Thursday, July 5th, 2007

                    I dropped Kaitlyn off at the sitter’s house this morning and then I headed downtown to the train station… to start the big adventure I’ve probably been driving everyone nuts talking about: my big trip to Paris.

                    I had my first class ticket on the TGV. It featured a screaming baby in the car and a broken tray-table at my seat. Perfect.

                    I learned that if you are on a train in France and it is lunchtime, don’t wait to eat. At noon the line stretched nearly all the way out of the food car. I could see the line from my seat. I finally gave up and joined it. I stood there for 20 minutes only to find out they were out of anything worth eating. So I bought a cold sandwich. It wasn’t really very good, nor was it fun to eat without a little table, but by the time I got the food I was really hungry.

                    When we got to Paris, I decided the line for the taxi was too long. It should not take as long to get a taxi as the entire train ride took. So I figured I could figure out the Metro. How hard could it be? Not too bad. Although every time I get on a train, I worry I’m on the wrong one going the wrong way.

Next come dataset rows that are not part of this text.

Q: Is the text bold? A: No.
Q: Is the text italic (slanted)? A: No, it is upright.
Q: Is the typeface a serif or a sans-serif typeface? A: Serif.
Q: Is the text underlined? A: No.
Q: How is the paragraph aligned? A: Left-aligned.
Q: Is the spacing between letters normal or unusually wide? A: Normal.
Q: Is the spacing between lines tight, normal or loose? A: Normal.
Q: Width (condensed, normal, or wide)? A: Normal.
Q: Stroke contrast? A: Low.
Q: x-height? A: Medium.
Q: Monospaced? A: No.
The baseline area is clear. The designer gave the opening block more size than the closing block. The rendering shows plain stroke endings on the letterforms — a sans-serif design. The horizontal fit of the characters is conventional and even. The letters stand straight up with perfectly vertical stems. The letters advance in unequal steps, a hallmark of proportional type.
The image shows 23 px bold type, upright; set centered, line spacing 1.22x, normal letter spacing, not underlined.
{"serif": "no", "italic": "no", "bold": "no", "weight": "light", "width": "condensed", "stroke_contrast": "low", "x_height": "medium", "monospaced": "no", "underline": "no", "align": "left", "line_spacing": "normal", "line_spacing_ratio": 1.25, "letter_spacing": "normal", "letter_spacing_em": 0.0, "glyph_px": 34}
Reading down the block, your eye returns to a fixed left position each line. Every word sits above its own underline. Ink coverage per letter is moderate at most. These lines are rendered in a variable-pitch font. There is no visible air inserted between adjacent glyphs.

Once I realized I was headed toward my hotel, I realized I had no idea where to go once I got off and out of the station. Turns out, the hotel is across the street. Even I couldn’t miss that.

4th of July

Wednesday, July 4th, 2007

                        So, what does an American do in France on the 4th of July?

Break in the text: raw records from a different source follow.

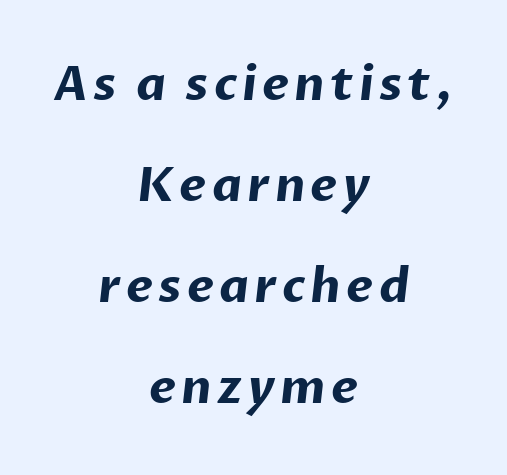
Q: Is the text bold? A: Yes.
Q: Is the typeface a serif or a sans-serif typeface? A: Sans-serif.
Q: Is the text underlined? A: No.
Q: How is the paragraph aligned? A: Centered.
Q: Is the spacing between lines tight, normal or loose? A: Loose.
Q: Width (condensed, normal, or wide)? A: Normal.
Q: Stroke contrast? A: Low.
Q: x-height? A: Medium.
Q: Monospaced? A: No.
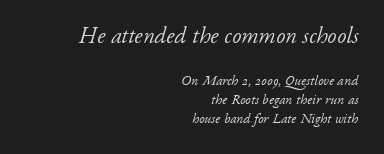
Notice how the passage keeps a crisp vertical edge on the right only. The horizontal fit of the characters is conventional and even. The designer gave the opening block more size than the closing block. Glance below the letters and you will spot only blank space. The letters look calm and open, with moderate or lighter stems.
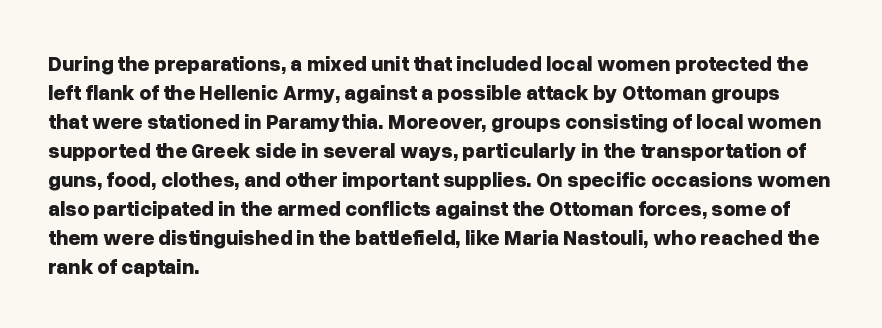
Q: Is the text bold? A: Yes.
Q: Is the text italic (slanted)? A: No, it is upright.
Q: Is the text underlined? A: No.
Q: How is the paragraph aligned? A: Left-aligned.
Q: Is the spacing between letters normal or unusually wide? A: Normal.
Q: Is the spacing between lines tight, normal or loose? A: Normal.
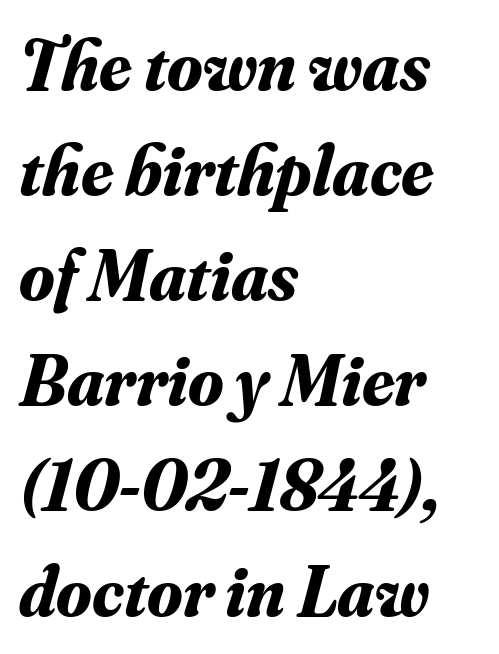
Q: Is the text bold? A: Yes.
Q: Is the text italic (slanted)? A: Yes, it leans right by about 16 degrees.
Q: Is the typeface a serif or a sans-serif typeface? A: Serif.
Q: Is the text underlined? A: No.
Q: How is the paragraph aligned? A: Left-aligned.
Q: Is the spacing between letters normal or unusually wide? A: Normal.
Q: Is the spacing between lines tight, normal or loose? A: Normal.
Q: Width (condensed, normal, or wide)? A: Normal.
Q: Stroke contrast? A: Medium.
Q: x-height? A: Small.
Q: Monospaced? A: No.
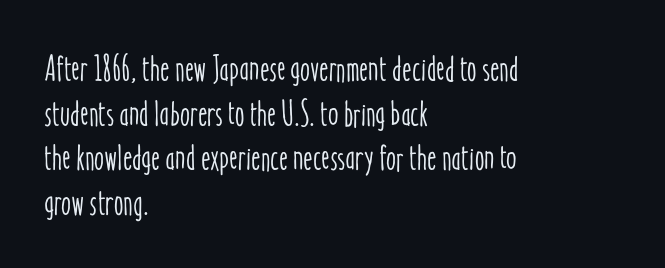
The letters stand straight up with perfectly vertical stems. Inter-character spacing is left at the font's built-in metrics. A bare baseline throughout the passage. Do the characters align in a grid? No, the font is proportional.

                    Nothing. Kaitlyn and I ate hot dogs for lunch. That’s pretty all-American. There was some sort of Independence Day something downtown, but I couldn’t find much information about it. The word “reception” was used in one email to describe it. Hhhhmmm… I sure do miss that traditional July 4th reception.

My Brush with Death

Sunday, July 1st, 2007

The pool is blue (finally not green) and the weather is hot (hello, it’s finally summer)… so this afternoon we had friends over to go for a swim. Everyone tried to get me to go in… but I wasn’t buying it. Kaitlyn was so cold I swear her lips were turning blue. They tried to convince me the pool was “refreshing”… but I’m not stupid. I could see them shivering and hear their teeth chattering.

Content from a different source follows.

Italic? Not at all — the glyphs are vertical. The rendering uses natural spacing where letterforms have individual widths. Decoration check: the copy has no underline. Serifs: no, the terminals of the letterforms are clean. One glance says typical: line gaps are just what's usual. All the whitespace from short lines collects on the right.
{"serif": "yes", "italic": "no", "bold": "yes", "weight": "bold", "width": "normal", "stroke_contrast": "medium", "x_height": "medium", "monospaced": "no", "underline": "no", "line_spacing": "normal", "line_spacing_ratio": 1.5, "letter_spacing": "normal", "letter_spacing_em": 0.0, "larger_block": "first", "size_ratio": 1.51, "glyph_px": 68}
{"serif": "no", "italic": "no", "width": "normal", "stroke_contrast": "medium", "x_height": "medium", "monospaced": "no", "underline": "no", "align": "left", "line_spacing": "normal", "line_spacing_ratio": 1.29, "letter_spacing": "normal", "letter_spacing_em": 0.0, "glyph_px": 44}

                Instead of going in the water, I decided it would be safe enough to sit in one of our lounge chairs and lounge with a glass of wine. Todd sat out there for hours and never once did I see him flail his arms and scream because of a bug.

                We don’t know why, but suddenly our yard is the place to be for flies of all sizes. Especially big. I now understand that a horse fly has nothing to do with a horse… it’s simply that darn big.

                So I’m sitting on the lounge chair when I feel a bug on my leg. I figured it was one of the massive flies that won’t leave us alone, so I swatted it away. That was when I realized I had mindlessly risked life and limb. That was no fly. It was a wasp. I screamed and made someone else stomp it out with her shoe. (well, it was already mad at me!)

                My leg hurts a little bit. Bill says I didn’t get stung. Maybe not. But that wasp did something to me. It bit me or it brushed me with it’s stinger as I was flipping it away.

                He says I should now be less afraid of them. I faced one. I’m undecided.